The aim? To see whether supporting the gut microbiome with dietary strategies can relieve PMS symptoms, especially anxiety and digestive upset.

It’s big news for period pain and gut health - and it’s happening right here in Australia.

2. Gut Rewiring: Understanding the Gut-Brain-Hormone Axis

Think of your body like a 3-way group chat between your gut, brain, and hormones. And yep - they talk a lot.

  • Your gut microbiome regulates digestion, immunity, and even mood.

  • Your brain and gut are connected via the vagus nerve - a literal information superhighway.

  • Your hormones (oestrogen and progesterone) rise and fall throughout your cycle, affecting everything from metabolism to mood.
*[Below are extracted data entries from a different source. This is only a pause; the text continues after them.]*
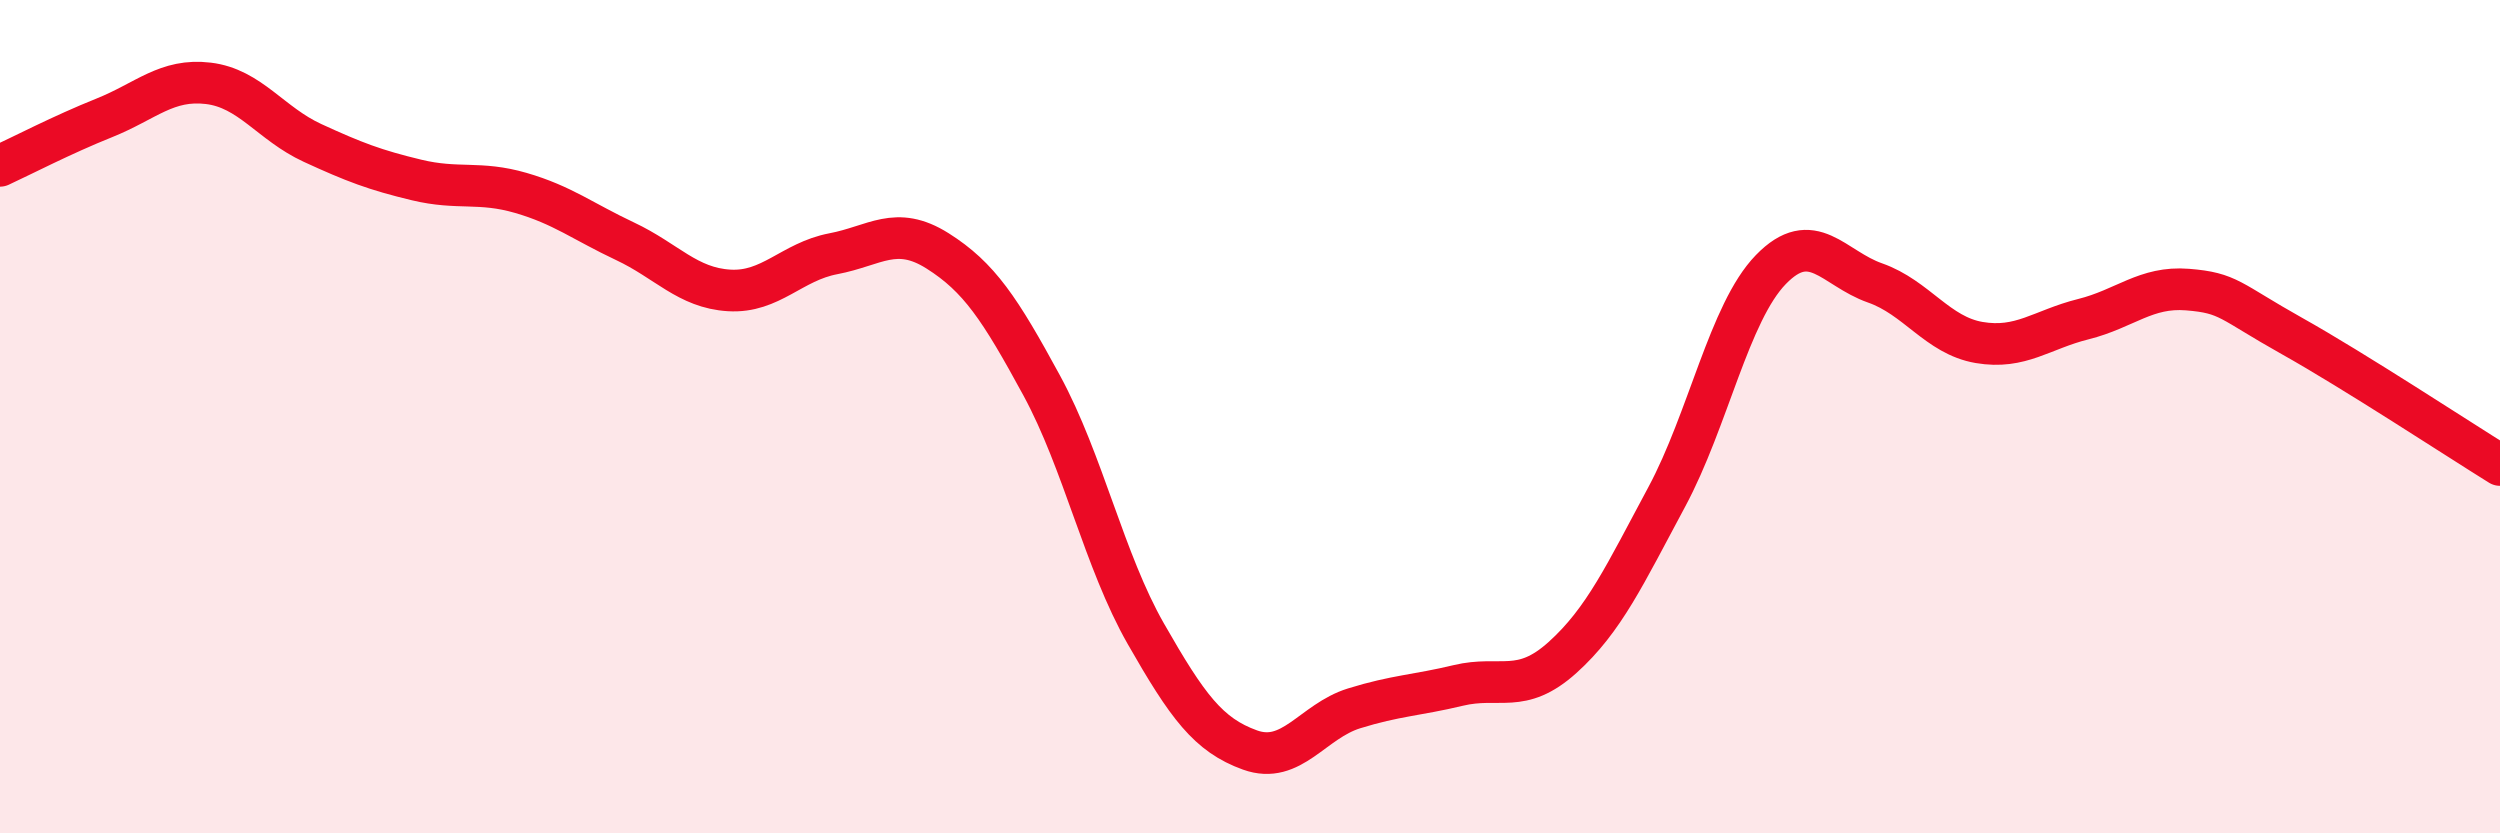 
    <svg width="60" height="20" viewBox="0 0 60 20" xmlns="http://www.w3.org/2000/svg">
      <path
        d="M 0,3.98 C 0.5,3.75 1.5,3.23 2.5,2.83 C 3.5,2.43 4,1.88 5,2 C 6,2.12 6.5,2.97 7.5,3.43 C 8.5,3.89 9,4.08 10,4.32 C 11,4.56 11.5,4.34 12.5,4.63 C 13.5,4.92 14,5.32 15,5.79 C 16,6.26 16.5,6.91 17.5,6.97 C 18.5,7.03 19,6.28 20,6.09 C 21,5.9 21.5,5.39 22.5,6.02 C 23.5,6.65 24,7.41 25,9.25 C 26,11.09 26.5,13.46 27.5,15.21 C 28.5,16.96 29,17.64 30,18 C 31,18.36 31.5,17.31 32.5,17 C 33.5,16.69 34,16.69 35,16.45 C 36,16.21 36.5,16.68 37.5,15.78 C 38.5,14.88 39,13.79 40,11.93 C 41,10.07 41.5,7.5 42.5,6.47 C 43.5,5.44 44,6.44 45,6.79 C 46,7.14 46.5,8.05 47.5,8.22 C 48.5,8.39 49,7.91 50,7.66 C 51,7.41 51.5,6.87 52.5,6.95 C 53.5,7.03 53.5,7.22 55,8.06 C 56.5,8.9 59,10.54 60,11.16L60 20L0 20Z"
        fill="#EB0A25"
        opacity="0.1"
        stroke-linecap="round"
        stroke-linejoin="round"
      />
      <path
        d="M 0,3.98 C 0.5,3.75 1.5,3.23 2.5,2.83 C 3.5,2.43 4,1.88 5,2 C 6,2.12 6.5,2.97 7.5,3.43 C 8.5,3.89 9,4.08 10,4.32 C 11,4.56 11.5,4.34 12.5,4.63 C 13.5,4.92 14,5.32 15,5.79 C 16,6.26 16.5,6.91 17.5,6.97 C 18.5,7.03 19,6.28 20,6.09 C 21,5.9 21.5,5.39 22.5,6.02 C 23.5,6.65 24,7.41 25,9.25 C 26,11.09 26.5,13.46 27.5,15.21 C 28.5,16.96 29,17.64 30,18 C 31,18.36 31.5,17.31 32.5,17 C 33.5,16.69 34,16.69 35,16.45 C 36,16.21 36.5,16.68 37.5,15.78 C 38.5,14.88 39,13.79 40,11.93 C 41,10.07 41.5,7.5 42.5,6.47 C 43.5,5.44 44,6.44 45,6.79 C 46,7.14 46.5,8.05 47.5,8.22 C 48.5,8.39 49,7.91 50,7.66 C 51,7.41 51.5,6.87 52.5,6.95 C 53.5,7.03 53.5,7.22 55,8.06 C 56.5,8.9 59,10.54 60,11.16"
        stroke="#EB0A25"
        stroke-width="1"
        fill="none"
        stroke-linecap="round"
        stroke-linejoin="round"
      />
    </svg>
  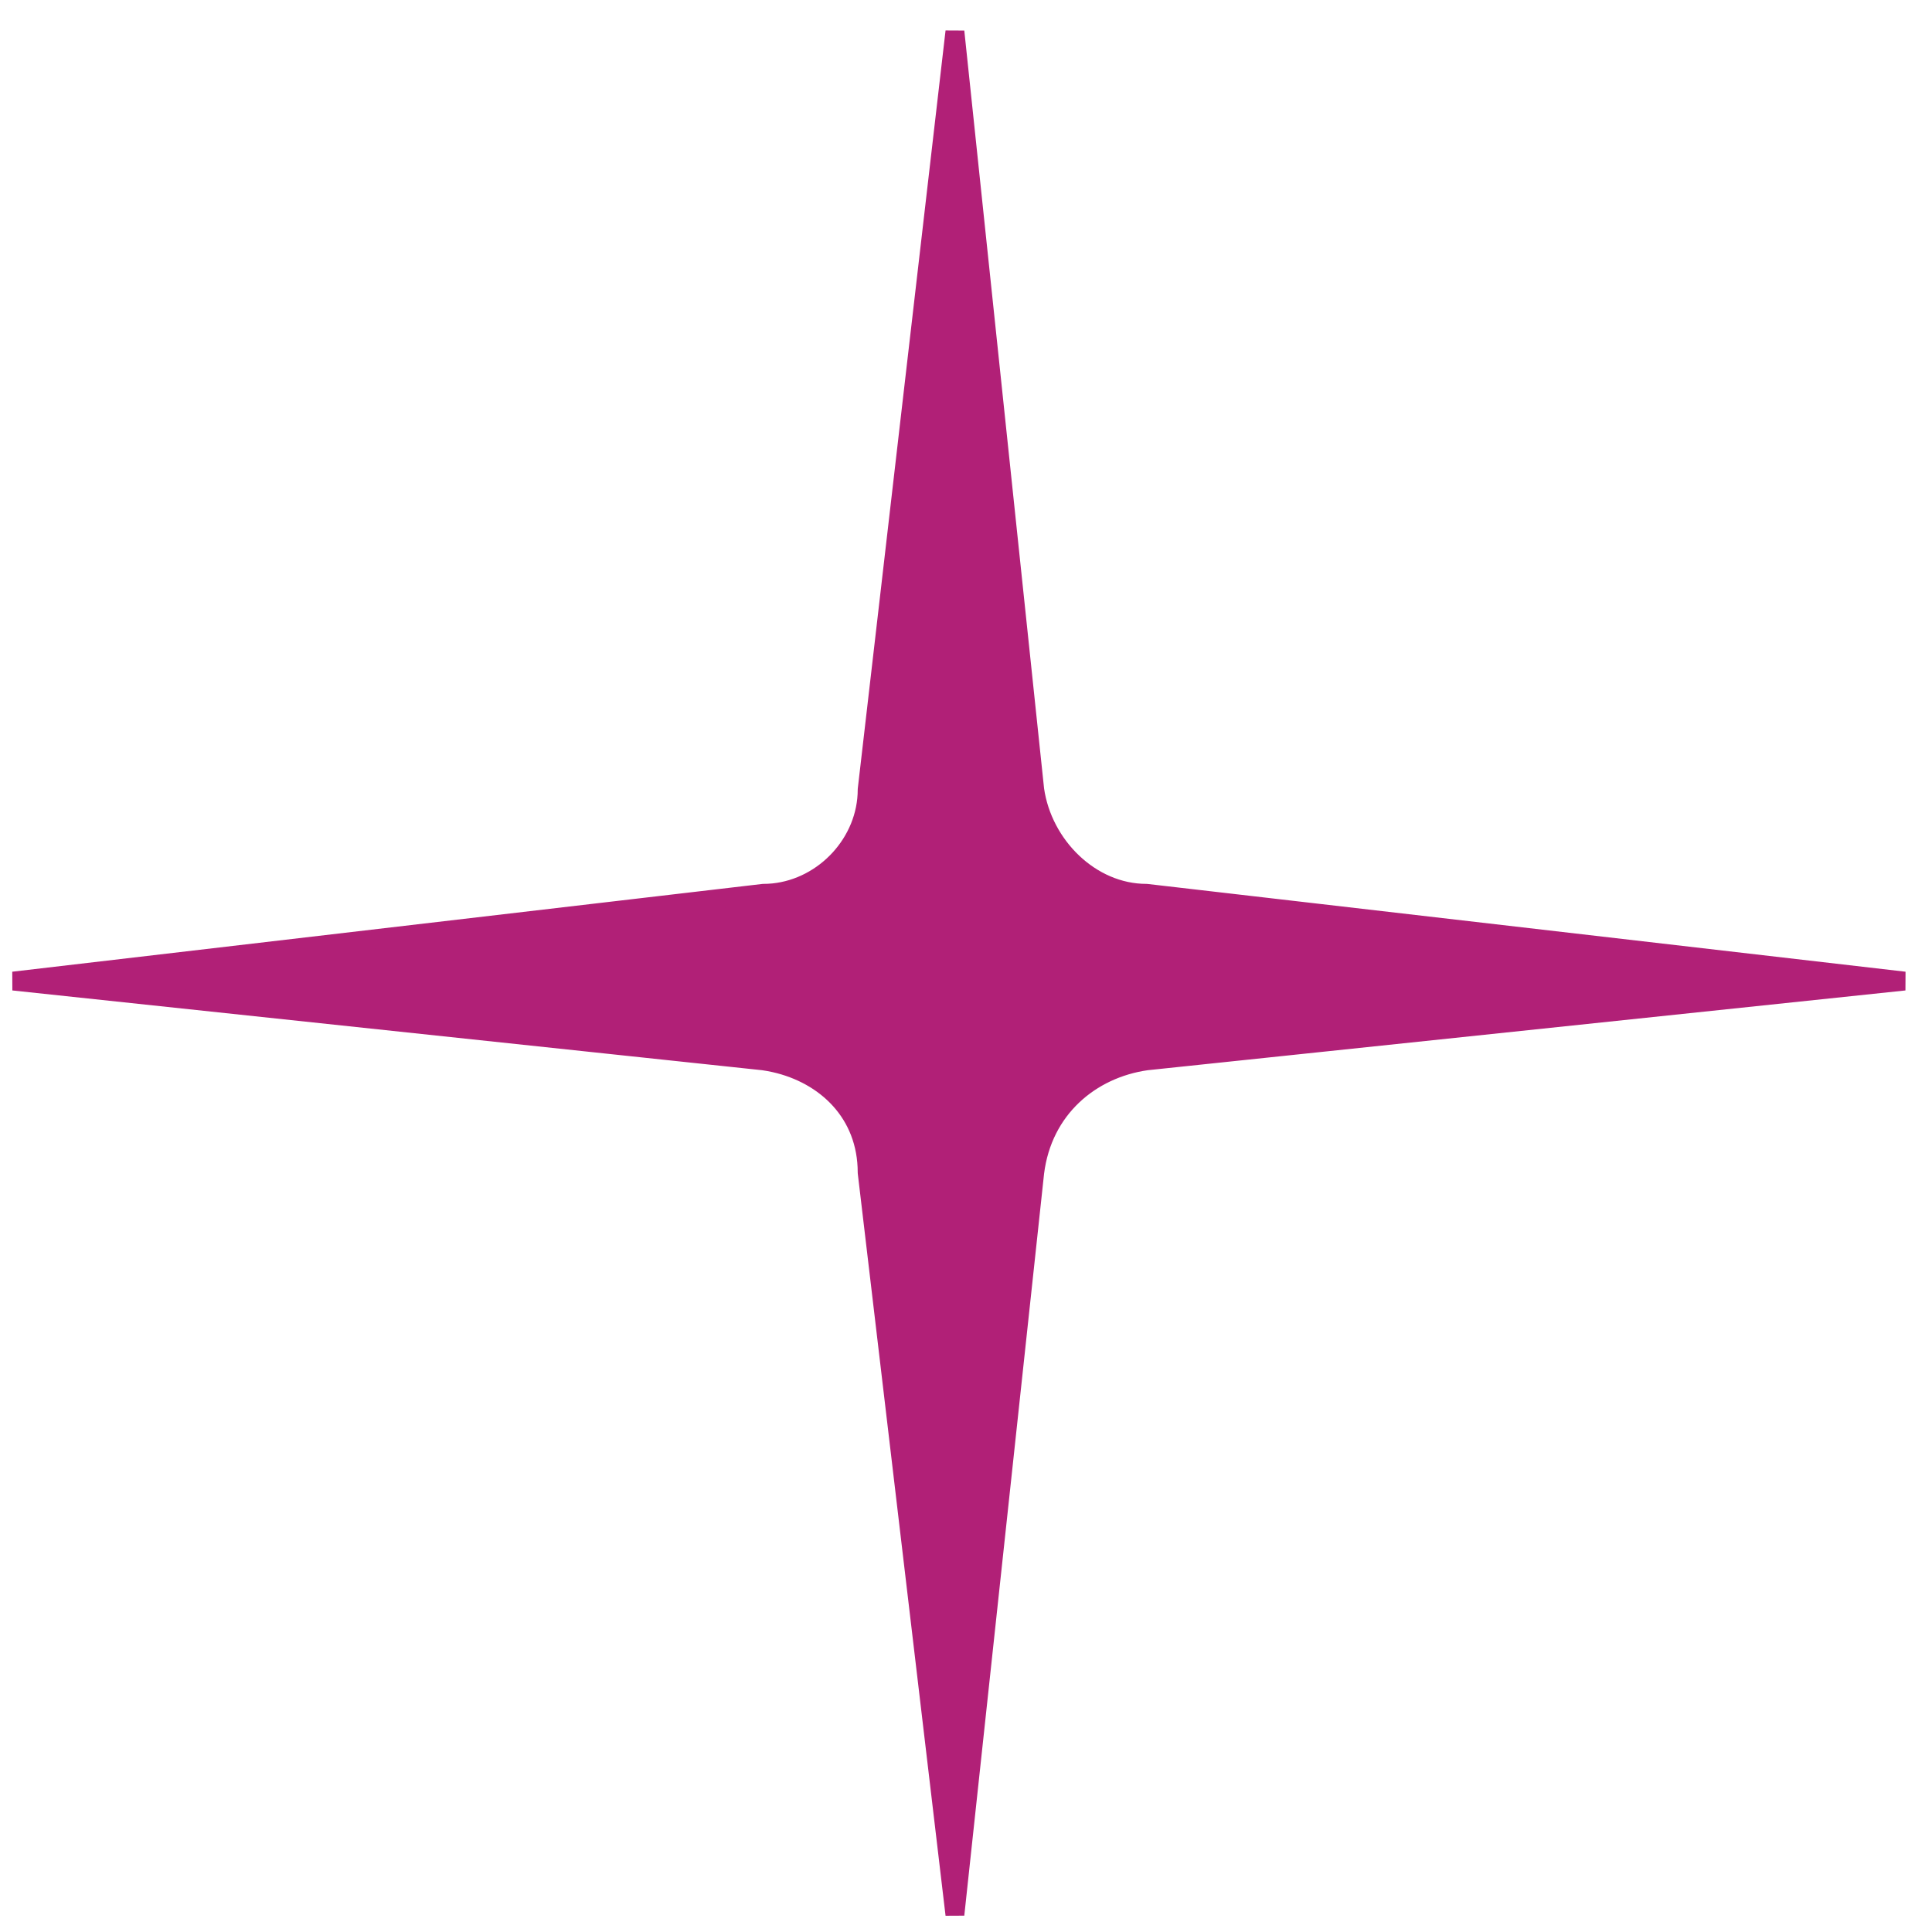 <?xml version="1.0" encoding="UTF-8"?>
<!DOCTYPE svg PUBLIC "-//W3C//DTD SVG 1.1//EN" "http://www.w3.org/Graphics/SVG/1.1/DTD/svg11.dtd">
<!-- Creator: CorelDRAW -->
<svg xmlns="http://www.w3.org/2000/svg" xml:space="preserve" width="20.5mm" height="20.5mm" version="1.1" style="shape-rendering:geometricPrecision; text-rendering:geometricPrecision; image-rendering:optimizeQuality; fill-rule:evenodd; clip-rule:evenodd"
viewBox="0 0 2050 2050"
 xmlns:xlink="http://www.w3.org/1999/xlink"
 xmlns:xodm="http://www.corel.com/coreldraw/odm/2003">
 <defs>
  <style type="text/css">
   <![CDATA[
    .str0 {stroke:#B12077;stroke-width:20;stroke-linecap:square;stroke-linejoin:bevel;stroke-miterlimit:22.926}
    .fil0 {fill:#B12077}
   ]]>
  </style>
 </defs>
 <g id="Слой_x0020_1">
  <path class="fil0 str0" d="M1226.38 949.02l-9.94 -1.15c-59.27,0 -110.07,-50.8 -118.53,-110.07l-84.67 -804.33 -91.98 794.39 -1.15 9.94c0,55.74 -44.94,103.99 -99.59,109.54 -3.46,0.35 -6.95,0.53 -10.48,0.53l-795.87 93.13 795.87 84.67c3.99,0.57 7.94,1.29 11.83,2.17 54.05,12.11 98.24,53.19 98.24,116.36l93.13 787.4 84.67 -787.4c8.46,-67.73 59.26,-110.06 118.53,-118.53l804.33 -84.67 -794.39 -91.98z"/>
 </g>
</svg>

Some gut bacteria help regulate oestrogen by producing enzymes like beta-glucuronidase². If those bacteria are out of balance, it can lead to oestrogen dominance – a culprit behind mood swings, breast tenderness, bloating, and heavy periods.

And guess what makes that worse? Stress. It disrupts gut balance, lowers microbial diversity, and during your luteal phase (hello, PMS week), it hits even harder².

3. What the Science Says (and Why It Matters)

Studies are now finding clear differences between the microbiomes of women with and without PMS.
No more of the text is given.